In this hour, you learned that searching actually means deciding where to look for data; grabbing, interpreting, and indexing all the files within the scope we set; and finally having a search function to find suitable data for our needs from the mass of base data provided by the indexing stage.

You also learned both how to restrict your search by specifying only particular places to look for information and how to extend your search by adding IFilters to enable your indexing software to extract sensible data from more file formats.

Finally, you learned how adding Search Server 2010 means that its extended search functions are also available for your searches in the SPF 2010 sites.

Q&A

Q. Is SPF 2010 plus Search Server 2010 Express better than the search provided by the much more expensive SPS 2010?

A. No. But the functionality provided is virtually the same.

Q. Search Server 2010 Express is free and seems to be powerful. Why should I bother paying for Search Server 2010?

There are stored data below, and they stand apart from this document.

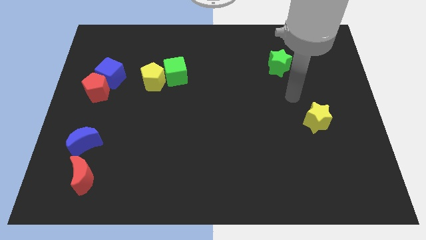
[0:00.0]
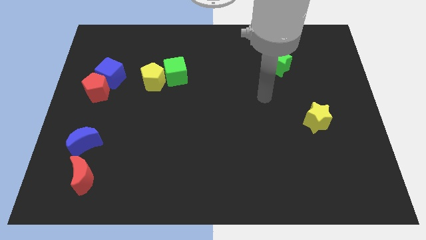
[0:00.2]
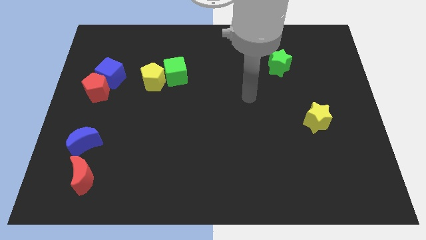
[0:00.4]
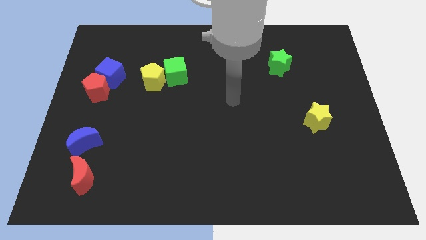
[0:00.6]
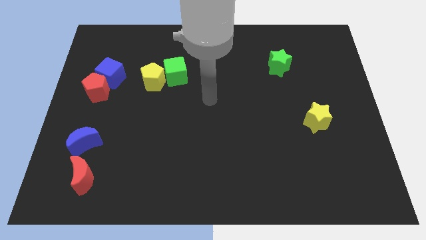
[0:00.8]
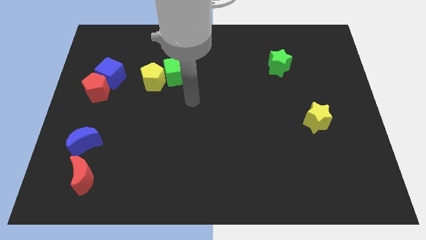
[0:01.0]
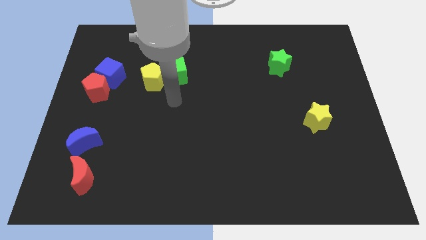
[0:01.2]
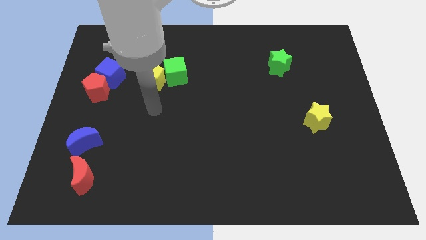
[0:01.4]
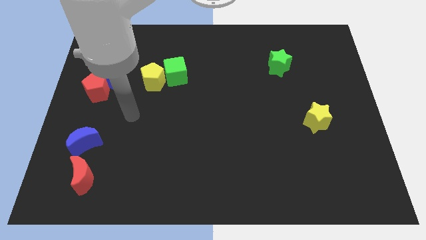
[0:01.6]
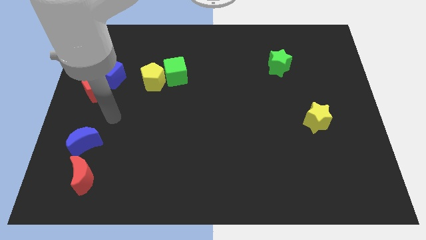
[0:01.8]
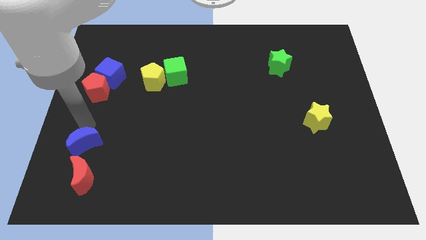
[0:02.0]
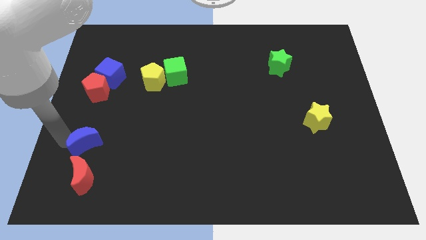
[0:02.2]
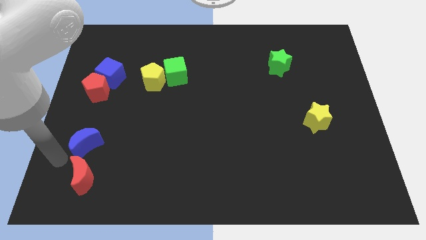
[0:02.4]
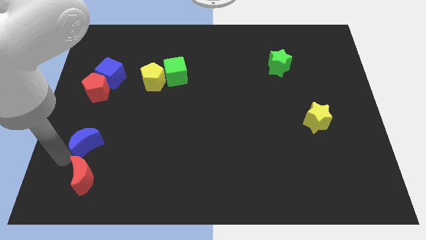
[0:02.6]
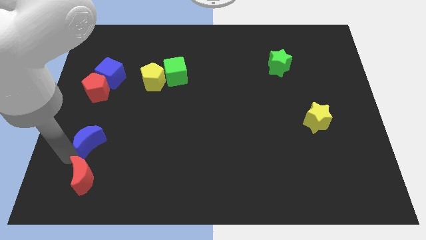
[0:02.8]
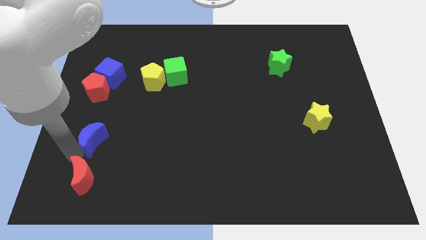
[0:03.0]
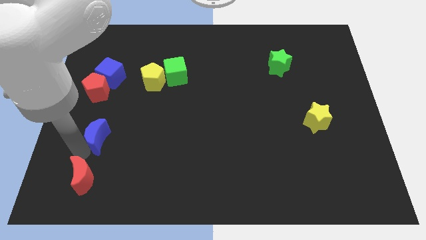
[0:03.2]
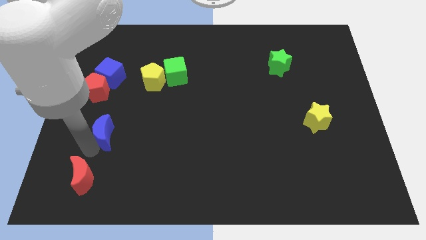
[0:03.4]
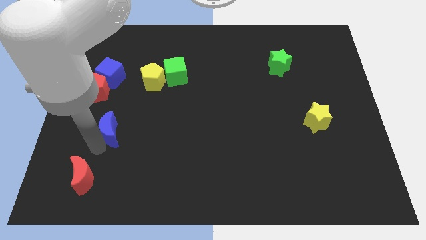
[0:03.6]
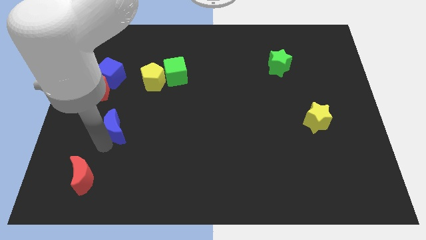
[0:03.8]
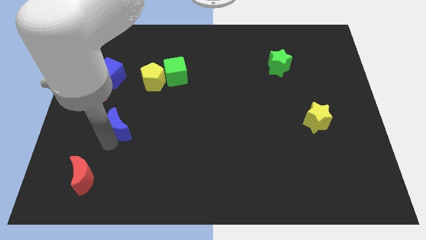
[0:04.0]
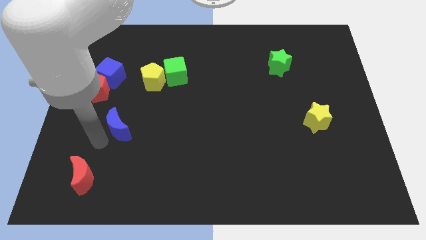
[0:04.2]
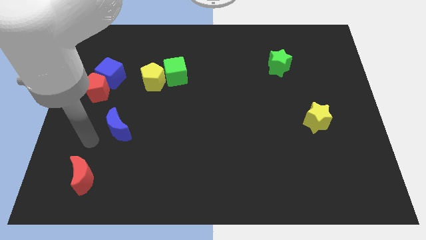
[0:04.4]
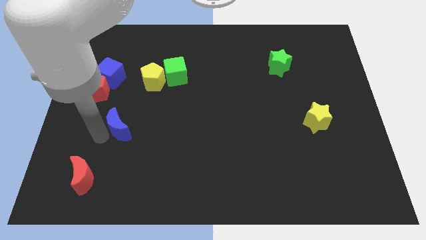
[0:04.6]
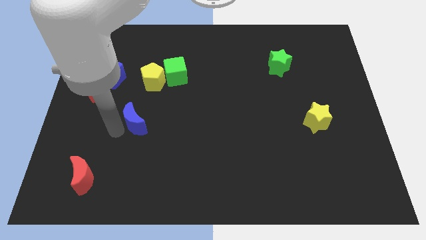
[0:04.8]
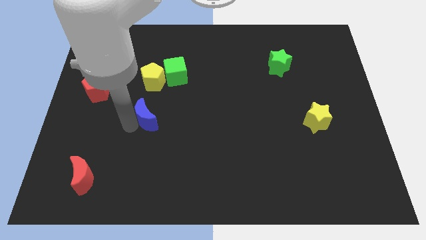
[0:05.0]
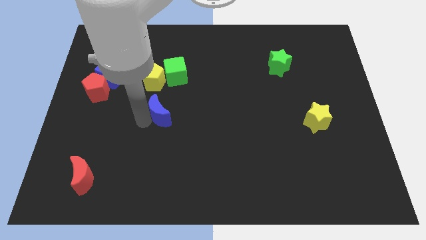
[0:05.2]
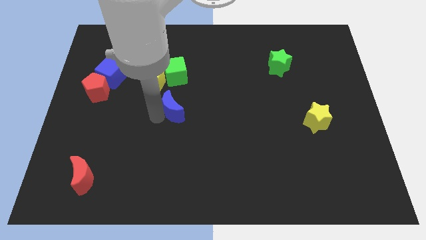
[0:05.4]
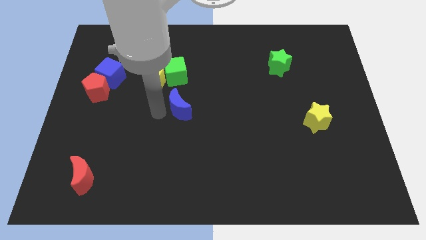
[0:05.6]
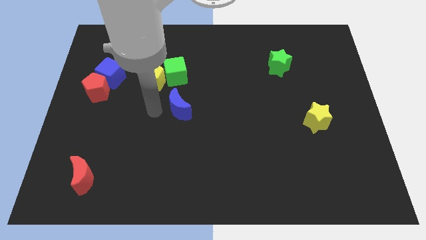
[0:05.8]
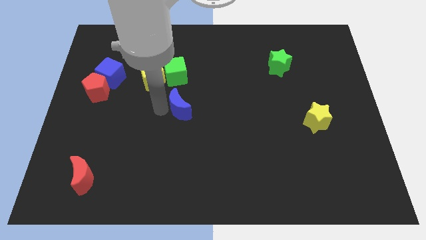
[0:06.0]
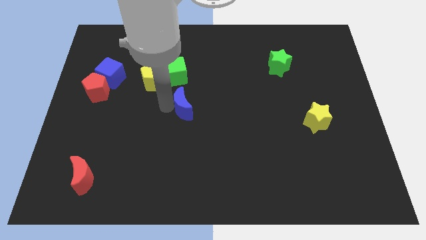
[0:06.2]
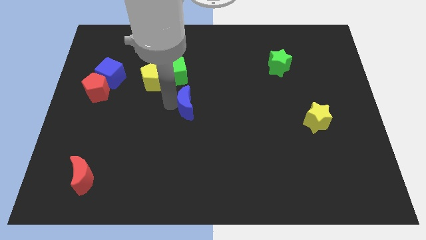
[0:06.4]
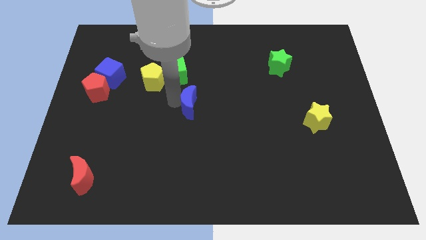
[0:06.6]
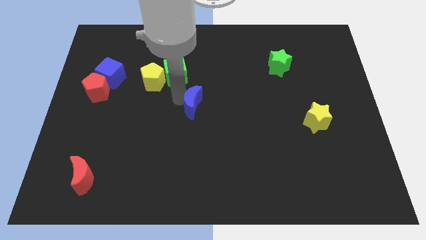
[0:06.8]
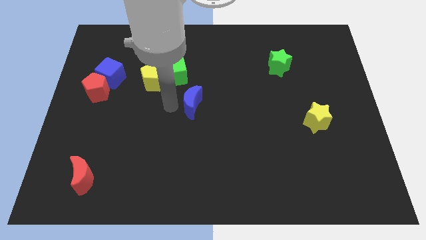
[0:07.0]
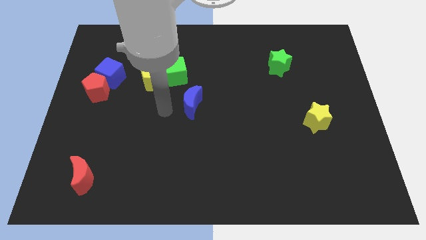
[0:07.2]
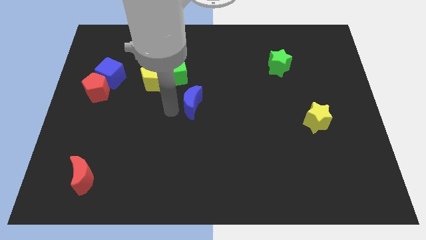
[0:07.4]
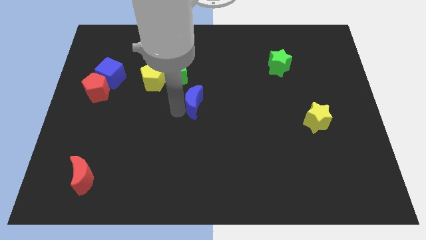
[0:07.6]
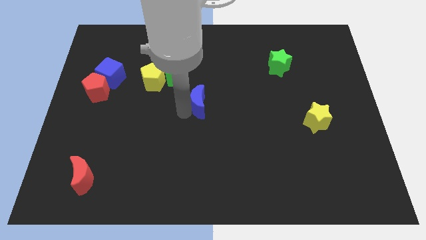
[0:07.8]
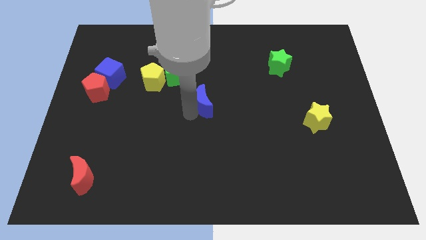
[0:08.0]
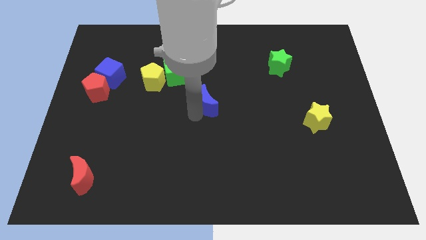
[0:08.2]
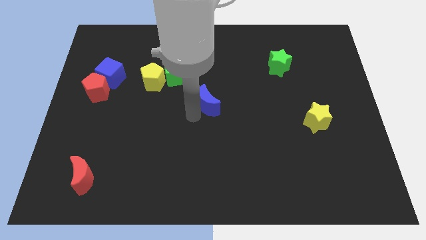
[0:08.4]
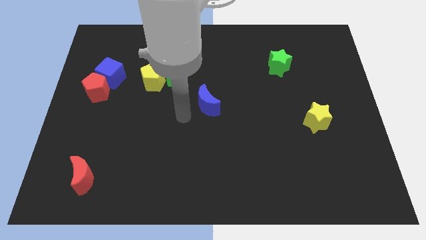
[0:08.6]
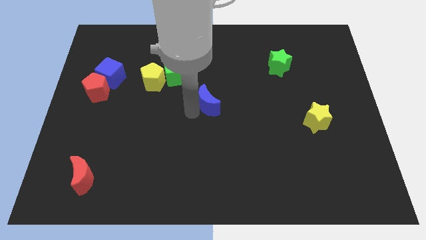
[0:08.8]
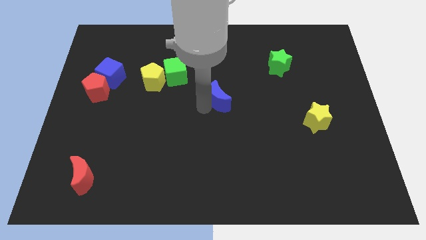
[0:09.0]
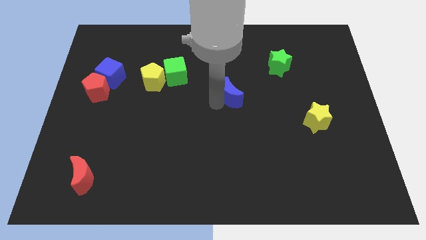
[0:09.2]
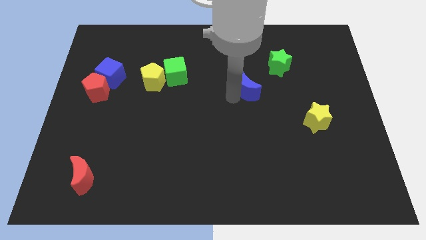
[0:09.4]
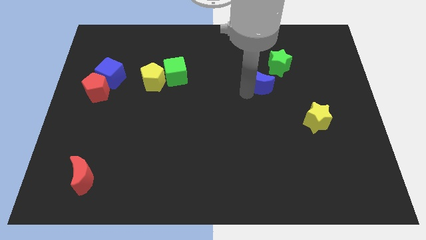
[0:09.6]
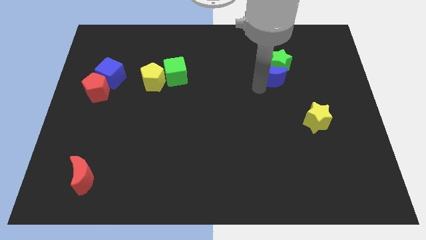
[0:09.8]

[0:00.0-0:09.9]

A. Search Server 2010 and Search Server 2010 Express are identical in functionality, but Express is limited to running on a single machine.

Workshop

Quiz

1. What are the three main aspects of searching?

2. What is the purpose of an IFilter?

Answers

1. Crawling, indexing, and searching.

2. An IFilter is needed so that contents of a file in a particular file format can be understood by the indexing program. Without it, the indexing program usually can’t extract meaningful data from a file.